In The Optimist, David Coggins makes a case for the skills and sensibility of an enduring sport and shares the secrets, frustrations, and triumphs of the great tradition of fly fishing, which has captivated anglers worldwide.

Written in wry, wise, and keenly observed prose, each chapter focuses on a specific place, fish, and skill. Few individuals, for example, have the visual acuity required to catch the nearly invisible bonefish of the Bahamas flats. Or the patience to land the elusive Atlantic salmon, “the fish of a thousand casts,” in eastern Canada. Pursuing these challenges, Coggins, “a confirmed obsessive,” travels to one fishing paradise after another, including the great rivers of Patagonia, private chalk streams in England, remote ponds in Maine, and New York City’s Jamaica Bay. In each setting, he chronicles his fortunes and misfortunes with honesty and humor while meditating on how fishing teaches focus, inner stillness, and a connection to the natural world.

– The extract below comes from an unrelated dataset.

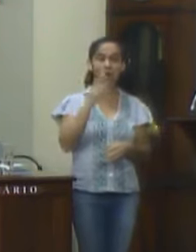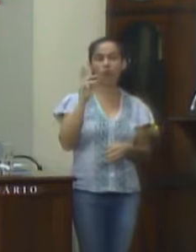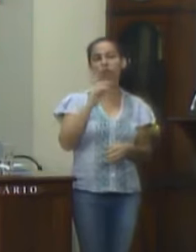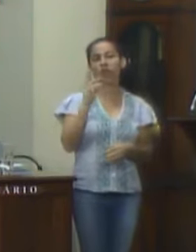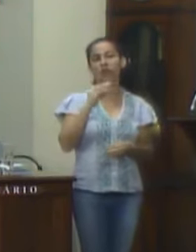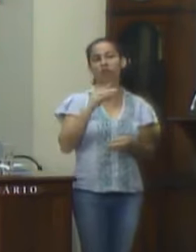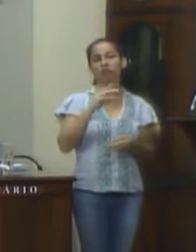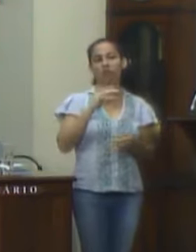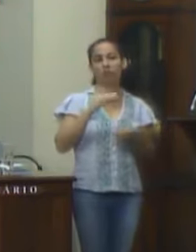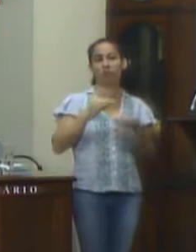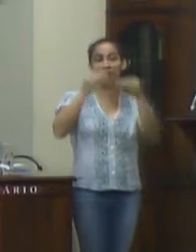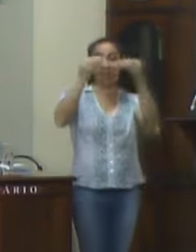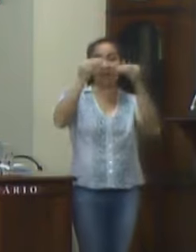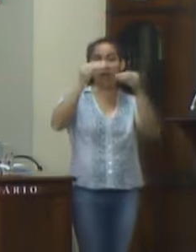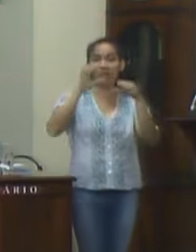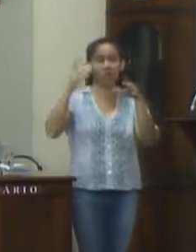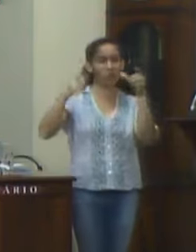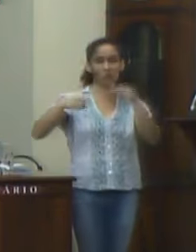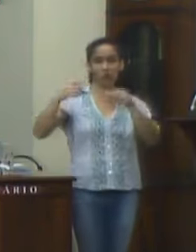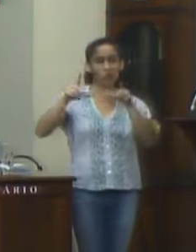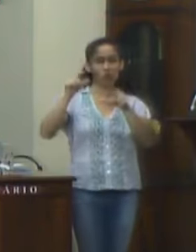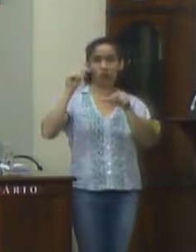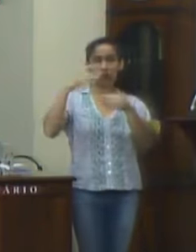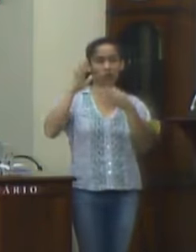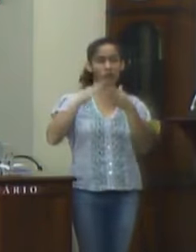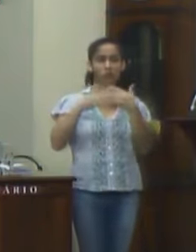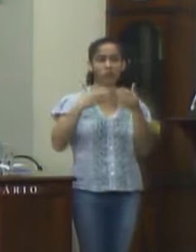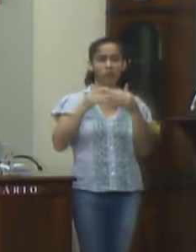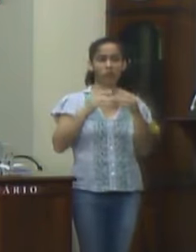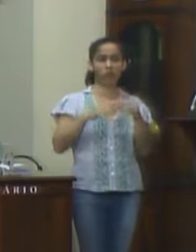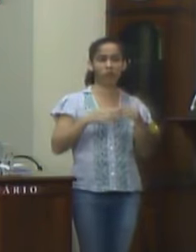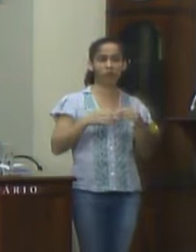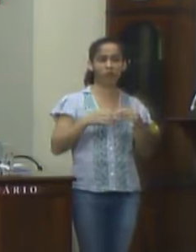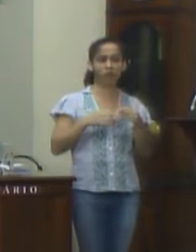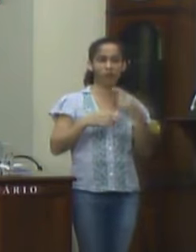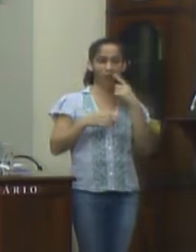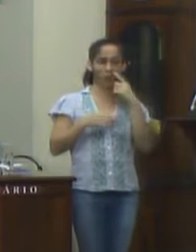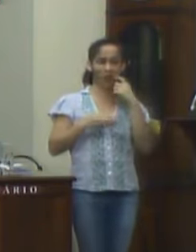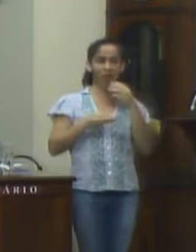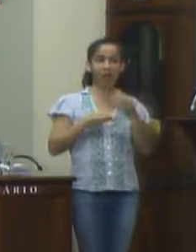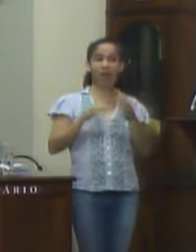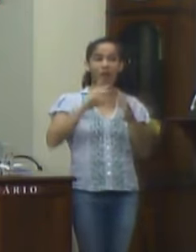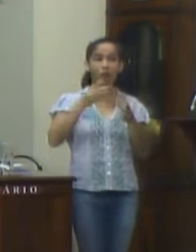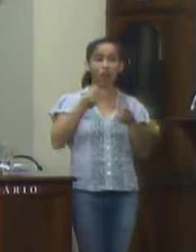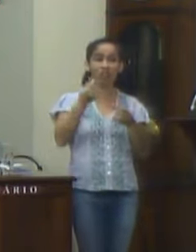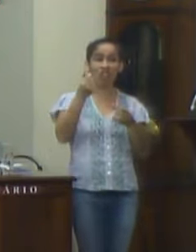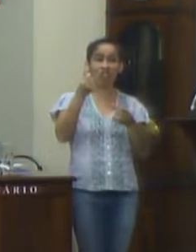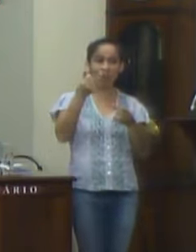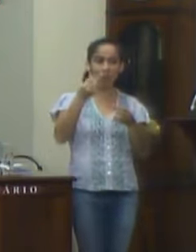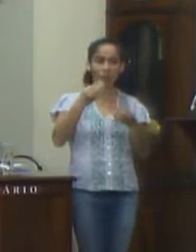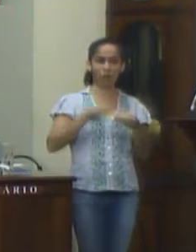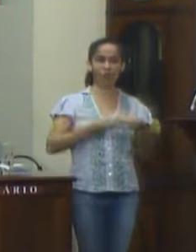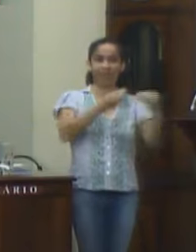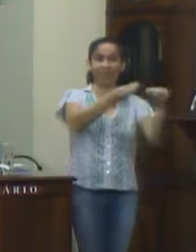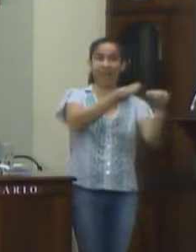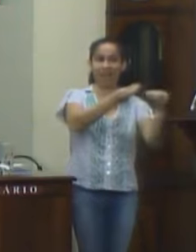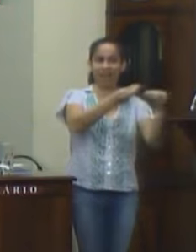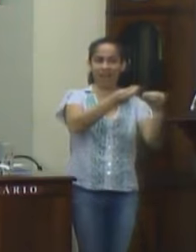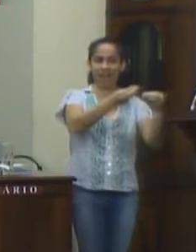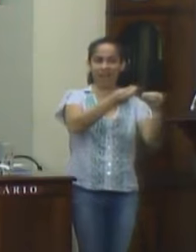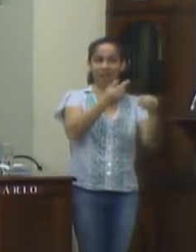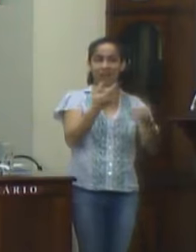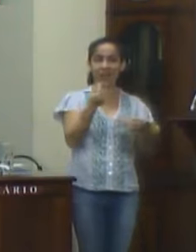e ano passado foi feito essa foi feita essa devolução com

Perfect for the novice, the enthusiastic amateur, and the devoted angler alike, The Optimist offers a practical path to enlightenment while providing “a rueful, thoughtful, and very funny examination of an elegant obsession” (Jay McInerney).

About the Author

David Coggins is the author of Men and Manners and the New York Times bestseller Men and Style. He writes about fly fishing for Robb Report and tailoring, drinking, and travel for numerous publications, including the Financial TimesBloomberg Pursuits, and Condé Nast Traveler. Coggins lives in New York and fishes regularly in the Catskills, Wisconsin, and Montana.

Praise For…

“Anyone interested in fly fishing or curious how the sport could possibly be of interest to anyone should hop to David Coggins’s excellent The Optimist."
—The New York Times

“This is a wonderful book but to be honest, Coggins writes so well that he could rivet our attention to anything—cottage cheese, Ted Cruz, the Detroit Lions—and we would follow every sentence with remarkable obedience."
Thomas McGuane, author of The Longest Silence

"Coggins' keen observations of this genteel pursuit are offered with humor, a dash of wisdom, and an enthusiasm so infectious you'll be itching to perfect your backcast between chapters."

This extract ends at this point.